Stored data entries
<<<<

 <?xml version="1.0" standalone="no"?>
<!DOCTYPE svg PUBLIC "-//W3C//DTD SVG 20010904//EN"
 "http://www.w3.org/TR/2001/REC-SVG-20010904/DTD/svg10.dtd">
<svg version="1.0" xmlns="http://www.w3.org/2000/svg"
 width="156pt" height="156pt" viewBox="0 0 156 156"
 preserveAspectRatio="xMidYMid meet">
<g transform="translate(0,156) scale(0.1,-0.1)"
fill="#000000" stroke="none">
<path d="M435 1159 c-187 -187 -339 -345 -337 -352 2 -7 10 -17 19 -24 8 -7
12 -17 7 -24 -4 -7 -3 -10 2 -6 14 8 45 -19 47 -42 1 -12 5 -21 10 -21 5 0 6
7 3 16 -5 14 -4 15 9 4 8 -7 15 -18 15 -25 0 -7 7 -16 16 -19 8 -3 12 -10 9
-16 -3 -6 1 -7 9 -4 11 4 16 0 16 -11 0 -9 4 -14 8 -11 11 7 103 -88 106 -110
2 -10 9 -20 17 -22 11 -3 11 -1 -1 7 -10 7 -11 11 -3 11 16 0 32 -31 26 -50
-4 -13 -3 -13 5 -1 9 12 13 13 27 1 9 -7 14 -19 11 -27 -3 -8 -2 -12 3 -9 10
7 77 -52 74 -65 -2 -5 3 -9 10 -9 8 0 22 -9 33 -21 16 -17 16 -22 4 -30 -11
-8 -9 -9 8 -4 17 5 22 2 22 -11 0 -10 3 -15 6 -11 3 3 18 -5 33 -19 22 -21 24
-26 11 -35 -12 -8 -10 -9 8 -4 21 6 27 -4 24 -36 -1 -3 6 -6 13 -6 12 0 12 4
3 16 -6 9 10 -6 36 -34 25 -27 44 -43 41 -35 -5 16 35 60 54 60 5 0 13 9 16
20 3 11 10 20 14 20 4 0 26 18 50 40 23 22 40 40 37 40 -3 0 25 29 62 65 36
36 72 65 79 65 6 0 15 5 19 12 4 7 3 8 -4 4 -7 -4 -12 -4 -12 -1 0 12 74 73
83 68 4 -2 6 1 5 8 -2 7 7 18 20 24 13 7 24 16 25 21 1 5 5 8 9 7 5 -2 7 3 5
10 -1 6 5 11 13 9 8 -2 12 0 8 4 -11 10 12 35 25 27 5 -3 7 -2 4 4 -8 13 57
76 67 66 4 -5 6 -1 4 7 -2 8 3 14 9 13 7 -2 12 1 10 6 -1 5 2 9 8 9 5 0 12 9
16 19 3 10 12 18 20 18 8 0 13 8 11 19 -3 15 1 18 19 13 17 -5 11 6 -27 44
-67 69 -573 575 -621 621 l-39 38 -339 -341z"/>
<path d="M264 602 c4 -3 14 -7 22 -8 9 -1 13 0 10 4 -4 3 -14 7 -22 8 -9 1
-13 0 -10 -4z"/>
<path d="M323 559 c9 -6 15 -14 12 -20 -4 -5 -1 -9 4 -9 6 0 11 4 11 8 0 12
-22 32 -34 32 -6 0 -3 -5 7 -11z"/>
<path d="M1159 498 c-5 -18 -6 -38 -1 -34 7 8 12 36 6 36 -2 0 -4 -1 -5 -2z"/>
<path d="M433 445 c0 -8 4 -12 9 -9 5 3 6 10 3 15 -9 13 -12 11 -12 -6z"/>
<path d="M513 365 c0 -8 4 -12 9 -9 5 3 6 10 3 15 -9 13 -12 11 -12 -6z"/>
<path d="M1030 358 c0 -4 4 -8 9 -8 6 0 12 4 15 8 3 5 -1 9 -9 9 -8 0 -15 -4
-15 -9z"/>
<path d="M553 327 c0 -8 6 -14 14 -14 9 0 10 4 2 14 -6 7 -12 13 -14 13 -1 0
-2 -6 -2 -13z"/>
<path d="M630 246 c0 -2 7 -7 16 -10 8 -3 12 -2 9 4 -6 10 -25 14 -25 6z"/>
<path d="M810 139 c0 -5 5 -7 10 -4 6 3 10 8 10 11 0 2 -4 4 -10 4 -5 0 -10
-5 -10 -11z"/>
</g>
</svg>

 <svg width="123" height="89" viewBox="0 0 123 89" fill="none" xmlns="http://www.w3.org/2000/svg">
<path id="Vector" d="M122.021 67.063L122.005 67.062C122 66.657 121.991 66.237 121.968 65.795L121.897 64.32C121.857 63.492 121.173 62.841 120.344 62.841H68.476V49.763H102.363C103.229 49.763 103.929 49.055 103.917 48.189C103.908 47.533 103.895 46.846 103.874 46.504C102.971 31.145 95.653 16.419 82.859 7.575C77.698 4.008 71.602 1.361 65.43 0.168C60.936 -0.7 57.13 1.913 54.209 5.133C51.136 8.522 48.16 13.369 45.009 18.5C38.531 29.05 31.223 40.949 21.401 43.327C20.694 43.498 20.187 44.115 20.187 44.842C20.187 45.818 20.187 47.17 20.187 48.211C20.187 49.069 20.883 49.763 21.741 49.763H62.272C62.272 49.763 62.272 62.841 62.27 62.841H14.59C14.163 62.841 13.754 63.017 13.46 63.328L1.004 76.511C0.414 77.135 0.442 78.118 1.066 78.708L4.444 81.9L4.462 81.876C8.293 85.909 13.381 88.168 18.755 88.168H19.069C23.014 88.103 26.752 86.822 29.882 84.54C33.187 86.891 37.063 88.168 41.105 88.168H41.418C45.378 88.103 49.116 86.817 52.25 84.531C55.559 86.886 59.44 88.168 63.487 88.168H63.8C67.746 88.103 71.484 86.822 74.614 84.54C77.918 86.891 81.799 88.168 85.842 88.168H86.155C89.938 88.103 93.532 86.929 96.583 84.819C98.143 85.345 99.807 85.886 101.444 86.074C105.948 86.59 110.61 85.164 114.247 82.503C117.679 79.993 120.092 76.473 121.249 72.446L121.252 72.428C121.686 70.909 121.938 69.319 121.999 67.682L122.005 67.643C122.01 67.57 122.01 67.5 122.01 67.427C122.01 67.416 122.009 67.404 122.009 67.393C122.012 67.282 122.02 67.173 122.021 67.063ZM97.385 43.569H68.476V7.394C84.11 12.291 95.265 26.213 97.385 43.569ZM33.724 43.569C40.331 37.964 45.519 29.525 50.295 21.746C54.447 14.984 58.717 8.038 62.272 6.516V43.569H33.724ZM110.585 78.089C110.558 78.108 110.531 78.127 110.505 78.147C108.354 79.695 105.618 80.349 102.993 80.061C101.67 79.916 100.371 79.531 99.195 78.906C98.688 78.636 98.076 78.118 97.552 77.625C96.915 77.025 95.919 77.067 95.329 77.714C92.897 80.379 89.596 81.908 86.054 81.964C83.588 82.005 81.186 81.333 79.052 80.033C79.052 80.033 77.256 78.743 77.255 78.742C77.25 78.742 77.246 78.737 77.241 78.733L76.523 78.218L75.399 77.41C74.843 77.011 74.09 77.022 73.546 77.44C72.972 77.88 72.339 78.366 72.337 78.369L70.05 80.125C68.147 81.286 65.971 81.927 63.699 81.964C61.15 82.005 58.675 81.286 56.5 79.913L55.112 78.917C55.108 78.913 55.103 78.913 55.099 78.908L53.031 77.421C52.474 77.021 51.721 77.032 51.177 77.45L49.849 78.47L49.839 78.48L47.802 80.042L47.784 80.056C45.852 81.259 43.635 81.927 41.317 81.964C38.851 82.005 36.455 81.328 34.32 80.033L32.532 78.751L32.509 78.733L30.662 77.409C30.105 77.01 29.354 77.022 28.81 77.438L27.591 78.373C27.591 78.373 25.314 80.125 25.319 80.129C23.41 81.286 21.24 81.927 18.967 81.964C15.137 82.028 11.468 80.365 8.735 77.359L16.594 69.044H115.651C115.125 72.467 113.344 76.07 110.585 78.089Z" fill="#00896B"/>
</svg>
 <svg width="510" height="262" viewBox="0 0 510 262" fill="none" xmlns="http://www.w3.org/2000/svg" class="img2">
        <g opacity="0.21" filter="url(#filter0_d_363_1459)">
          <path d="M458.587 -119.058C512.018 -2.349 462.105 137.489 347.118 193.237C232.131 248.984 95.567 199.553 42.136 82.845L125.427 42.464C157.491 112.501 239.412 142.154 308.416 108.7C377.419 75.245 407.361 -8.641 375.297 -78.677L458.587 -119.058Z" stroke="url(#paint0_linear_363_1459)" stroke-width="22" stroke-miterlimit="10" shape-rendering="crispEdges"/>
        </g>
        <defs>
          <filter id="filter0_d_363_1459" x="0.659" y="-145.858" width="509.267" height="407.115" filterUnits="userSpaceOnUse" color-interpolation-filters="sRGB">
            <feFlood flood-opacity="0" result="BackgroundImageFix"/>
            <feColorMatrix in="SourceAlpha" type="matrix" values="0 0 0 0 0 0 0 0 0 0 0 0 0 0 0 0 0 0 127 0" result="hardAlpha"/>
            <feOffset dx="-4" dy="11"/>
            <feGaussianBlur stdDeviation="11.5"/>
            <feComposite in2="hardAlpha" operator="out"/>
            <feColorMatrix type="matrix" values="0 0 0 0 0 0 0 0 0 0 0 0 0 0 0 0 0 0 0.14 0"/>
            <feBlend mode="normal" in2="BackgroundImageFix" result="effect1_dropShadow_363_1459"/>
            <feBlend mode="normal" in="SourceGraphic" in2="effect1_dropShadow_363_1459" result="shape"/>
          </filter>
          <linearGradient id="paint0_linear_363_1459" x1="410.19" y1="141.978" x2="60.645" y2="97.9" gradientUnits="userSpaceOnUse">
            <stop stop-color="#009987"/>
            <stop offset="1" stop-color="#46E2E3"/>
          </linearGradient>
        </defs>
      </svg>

>>>>

▸ WORK TASK: Check the data for the word "width" and pull out the lines that have it.

▸ YOUR RESPONSE:
 width="156pt" height="156pt" viewBox="0 0 156 156"
 <svg width="123" height="89" viewBox="0 0 123 89" fill="none" xmlns="http://www.w3.org/2000/svg">
 <svg width="510" height="262" viewBox="0 0 510 262" fill="none" xmlns="http://www.w3.org/2000/svg" class="img2">
          <path d="M458.587 -119.058C512.018 -2.349 462.105 137.489 347.118 193.237C232.131 248.984 95.567 199.553 42.136 82.845L125.427 42.464C157.491 112.501 239.412 142.154 308.416 108.7C377.419 75.245 407.361 -8.641 375.297 -78.677L458.587 -119.058Z" stroke="url(#paint0_linear_363_1459)" stroke-width="22" stroke-miterlimit="10" shape-rendering="crispEdges"/>
          <filter id="filter0_d_363_1459" x="0.659" y="-145.858" width="509.267" height="407.115" filterUnits="userSpaceOnUse" color-interpolation-filters="sRGB">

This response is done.